Your answer is the lines below, exactly, from the one that contains "#27500=DIRECTION('',(0.,-1.,0.));" through the one that contains "#32002=CARTESIAN_POINT('',(-16.255,2.5,3.6));", both included.

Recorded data
-- Opening Marker --

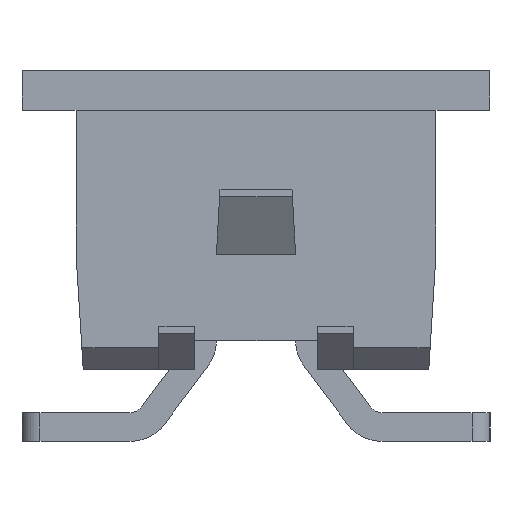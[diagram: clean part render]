
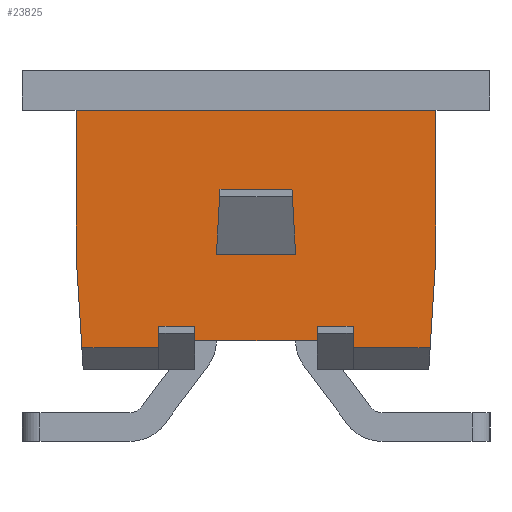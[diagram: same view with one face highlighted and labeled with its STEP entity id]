
A CAD part, front view. The second image highlights one B-rep face of the part: STEP entity #23825.
In plain terms, the highlighted face is planar.
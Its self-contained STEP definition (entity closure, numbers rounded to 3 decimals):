
#2020=ORIENTED_EDGE('',*,*,#6283,.T.);
#2021=ORIENTED_EDGE('',*,*,#6291,.T.);
#2022=ORIENTED_EDGE('',*,*,#6345,.F.);
#2023=ORIENTED_EDGE('',*,*,#6518,.T.);
#2024=ORIENTED_EDGE('',*,*,#6349,.F.);
#2025=ORIENTED_EDGE('',*,*,#6313,.F.);
#2026=ORIENTED_EDGE('',*,*,#6306,.T.);
#2027=ORIENTED_EDGE('',*,*,#6546,.T.);
#2028=ORIENTED_EDGE('',*,*,#6324,.F.);
#2029=ORIENTED_EDGE('',*,*,#6392,.F.);
#2030=ORIENTED_EDGE('',*,*,#6117,.F.);
#2031=ORIENTED_EDGE('',*,*,#6387,.T.);
#2032=ORIENTED_EDGE('',*,*,#6332,.T.);
#2033=ORIENTED_EDGE('',*,*,#6547,.T.);
#2034=ORIENTED_EDGE('',*,*,#6250,.T.);
#2035=ORIENTED_EDGE('',*,*,#6548,.T.);
#2036=ORIENTED_EDGE('',*,*,#6257,.F.);
#2037=ORIENTED_EDGE('',*,*,#6549,.F.);
#6117=EDGE_CURVE('',#8563,#8556,#10135,.T.);
#6250=EDGE_CURVE('',#8608,#8609,#10224,.T.);
#6257=EDGE_CURVE('',#8615,#8612,#10231,.T.);
#6283=EDGE_CURVE('',#8639,#8638,#10257,.T.);
#6291=EDGE_CURVE('',#8638,#8643,#10265,.T.);
#6306=EDGE_CURVE('',#8656,#8654,#10280,.T.);
#6313=EDGE_CURVE('',#8656,#8661,#10287,.T.);
#6324=EDGE_CURVE('',#8670,#8671,#10298,.T.);
#6332=EDGE_CURVE('',#8679,#8678,#10306,.T.);
#6345=EDGE_CURVE('',#8684,#8643,#10319,.T.);
#6349=EDGE_CURVE('',#8661,#8688,#10323,.T.);
#6387=EDGE_CURVE('',#8563,#8679,#10353,.T.);
#6392=EDGE_CURVE('',#8556,#8670,#10358,.T.);
#6518=EDGE_CURVE('',#8684,#8688,#10484,.T.);
#6546=EDGE_CURVE('',#8654,#8671,#10512,.T.);
#6547=EDGE_CURVE('',#8678,#8639,#10513,.T.);
#6548=EDGE_CURVE('',#8609,#8612,#10514,.T.);
#6549=EDGE_CURVE('',#8608,#8615,#10515,.T.);
#8556=VERTEX_POINT('',#31989);
#8563=VERTEX_POINT('',#32002);
#8608=VERTEX_POINT('',#32248);
#8609=VERTEX_POINT('',#32249);
#8612=VERTEX_POINT('',#32257);
#8615=VERTEX_POINT('',#32262);
#8638=VERTEX_POINT('',#32318);
#8639=VERTEX_POINT('',#32320);
#8643=VERTEX_POINT('',#32334);
#8654=VERTEX_POINT('',#32365);
#8656=VERTEX_POINT('',#32368);
#8661=VERTEX_POINT('',#32379);
#8670=VERTEX_POINT('',#32403);
#8671=VERTEX_POINT('',#32405);
#8678=VERTEX_POINT('',#32420);
#8679=VERTEX_POINT('',#32422);
#8684=VERTEX_POINT('',#32443);
#8688=VERTEX_POINT('',#32453);
#10135=LINE('',#32003,#12049);
#10224=LINE('',#32247,#12138);
#10231=LINE('',#32263,#12145);
#10257=LINE('',#32319,#12171);
#10265=LINE('',#32335,#12179);
#10280=LINE('',#32367,#12194);
#10287=LINE('',#32381,#12201);
#10298=LINE('',#32404,#12212);
#10306=LINE('',#32421,#12220);
#10319=LINE('',#32445,#12233);
#10323=LINE('',#32452,#12237);
#10353=LINE('',#32524,#12267);
#10358=LINE('',#32532,#12272);
#10484=LINE('',#32757,#12398);
#10512=LINE('',#32787,#12426);
#10513=LINE('',#32789,#12427);
#10514=LINE('',#32791,#12428);
#10515=LINE('',#32792,#12429);
#12049=VECTOR('',#26781,1000.);
#12138=VECTOR('',#27092,1000.);
#12145=VECTOR('',#27101,1000.);
#12171=VECTOR('',#27141,1000.);
#12179=VECTOR('',#27155,1000.);
#12194=VECTOR('',#27180,1000.);
#12201=VECTOR('',#27189,1000.);
#12212=VECTOR('',#27206,1000.);
#12220=VECTOR('',#27216,1000.);
#12233=VECTOR('',#27237,1000.);
#12237=VECTOR('',#27243,1000.);
#12267=VECTOR('',#27325,1000.);
#12272=VECTOR('',#27336,1000.);
#12398=VECTOR('',#27468,1000.);
#12426=VECTOR('',#27500,1000.);
#12427=VECTOR('',#27503,1000.);
#12428=VECTOR('',#27506,1000.);
#12429=VECTOR('',#27507,1000.);
#13948=EDGE_LOOP('',(#2020,#2021,#2022,#2023,#2024,#2025,#2026,#2027,#2028,
#2029,#2030,#2031,#2032,#2033));
#13949=EDGE_LOOP('',(#2034,#2035,#2036,#2037));
#15050=FACE_BOUND('',#13948,.T.);
#15051=FACE_BOUND('',#13949,.T.);
#16053=PLANE('',#24984);
#23825=ADVANCED_FACE('',(#15050,#15051),#16053,.F.);
#24984=AXIS2_PLACEMENT_3D('',#32790,#27504,#27505);
#26781=DIRECTION('',(0.,-1.,0.));
#27092=DIRECTION('',(0.,-0.055,-0.998));
#27101=DIRECTION('',(0.,0.055,-0.998));
#27141=DIRECTION('',(0.,0.,1.));
#27155=DIRECTION('',(0.,-1.,0.));
#27180=DIRECTION('',(0.,0.,-1.));
#27189=DIRECTION('',(0.,1.,0.));
#27206=DIRECTION('',(0.,0.062,-0.998));
#27216=DIRECTION('',(0.,-0.062,-0.998));
#27237=DIRECTION('',(0.,0.,1.));
#27243=DIRECTION('',(0.,0.,-1.));
#27325=DIRECTION('',(0.,0.,-1.));
#27336=DIRECTION('',(0.,0.,-1.));
#27468=DIRECTION('',(0.,-1.,0.));
#27500=DIRECTION('',(0.,-1.,0.));
#27503=DIRECTION('',(0.,-1.,0.));
#27504=DIRECTION('',(1.,0.,0.));
#27505=DIRECTION('',(0.,0.,-1.));
#27506=DIRECTION('',(0.,1.,0.));
#27507=DIRECTION('',(0.,1.,0.));
#31989=CARTESIAN_POINT('',(-16.255,-2.5,3.6));
#32002=CARTESIAN_POINT('',(-16.255,2.5,3.6));
#32003=CARTESIAN_POINT('',(-16.255,2.5,3.6));
#32247=CARTESIAN_POINT('',(-16.255,-0.5,2.5));
#32248=CARTESIAN_POINT('',(-16.255,-0.5,2.5));
#32249=CARTESIAN_POINT('',(-16.255,-0.55,1.6));
#32257=CARTESIAN_POINT('',(-16.255,0.55,1.6));
#32262=CARTESIAN_POINT('',(-16.255,0.5,2.5));
#32263=CARTESIAN_POINT('',(-16.255,0.5,2.5));
#32318=CARTESIAN_POINT('',(-16.255,1.35,0.6));
#32319=CARTESIAN_POINT('',(-16.255,1.35,0.3));
#32320=CARTESIAN_POINT('',(-16.255,1.35,0.3));
#32334=CARTESIAN_POINT('',(-16.255,0.85,0.6));
#32335=CARTESIAN_POINT('',(-16.255,1.35,0.6));
#32365=CARTESIAN_POINT('',(-16.255,-1.35,0.3));
#32367=CARTESIAN_POINT('',(-16.255,-1.35,0.6));
#32368=CARTESIAN_POINT('',(-16.255,-1.35,0.6));
#32379=CARTESIAN_POINT('',(-16.255,-0.85,0.6));
#32381=CARTESIAN_POINT('',(-16.255,-1.35,0.6));
#32403=CARTESIAN_POINT('',(-16.255,-2.5,1.6));
#32404=CARTESIAN_POINT('',(-16.255,-2.605,3.281));
#32405=CARTESIAN_POINT('',(-16.255,-2.419,0.3));
#32420=CARTESIAN_POINT('',(-16.255,2.419,0.3));
#32421=CARTESIAN_POINT('',(-16.255,2.625,3.592));
#32422=CARTESIAN_POINT('',(-16.255,2.5,1.6));
#32443=CARTESIAN_POINT('',(-16.255,0.85,0.4));
#32445=CARTESIAN_POINT('',(-16.255,0.85,0.3));
#32452=CARTESIAN_POINT('',(-16.255,-0.85,0.6));
#32453=CARTESIAN_POINT('',(-16.255,-0.85,0.4));
#32524=CARTESIAN_POINT('',(-16.255,2.5,3.6));
#32532=CARTESIAN_POINT('',(-16.255,-2.5,3.6));
#32757=CARTESIAN_POINT('',(-16.255,2.5,0.4));
#32787=CARTESIAN_POINT('',(-16.255,2.5,0.3));
#32789=CARTESIAN_POINT('',(-16.255,2.5,0.3));
#32790=CARTESIAN_POINT('',(-16.255,2.5,3.6));
#32791=CARTESIAN_POINT('',(-16.255,-0.55,1.6));
#32792=CARTESIAN_POINT('',(-16.255,-0.55,2.5));

-- Closing Marker --

ANSWER SPACE.
#27500=DIRECTION('',(0.,-1.,0.));
#27503=DIRECTION('',(0.,-1.,0.));
#27504=DIRECTION('',(1.,0.,0.));
#27505=DIRECTION('',(0.,0.,-1.));
#27506=DIRECTION('',(0.,1.,0.));
#27507=DIRECTION('',(0.,1.,0.));
#31989=CARTESIAN_POINT('',(-16.255,-2.5,3.6));
#32002=CARTESIAN_POINT('',(-16.255,2.5,3.6));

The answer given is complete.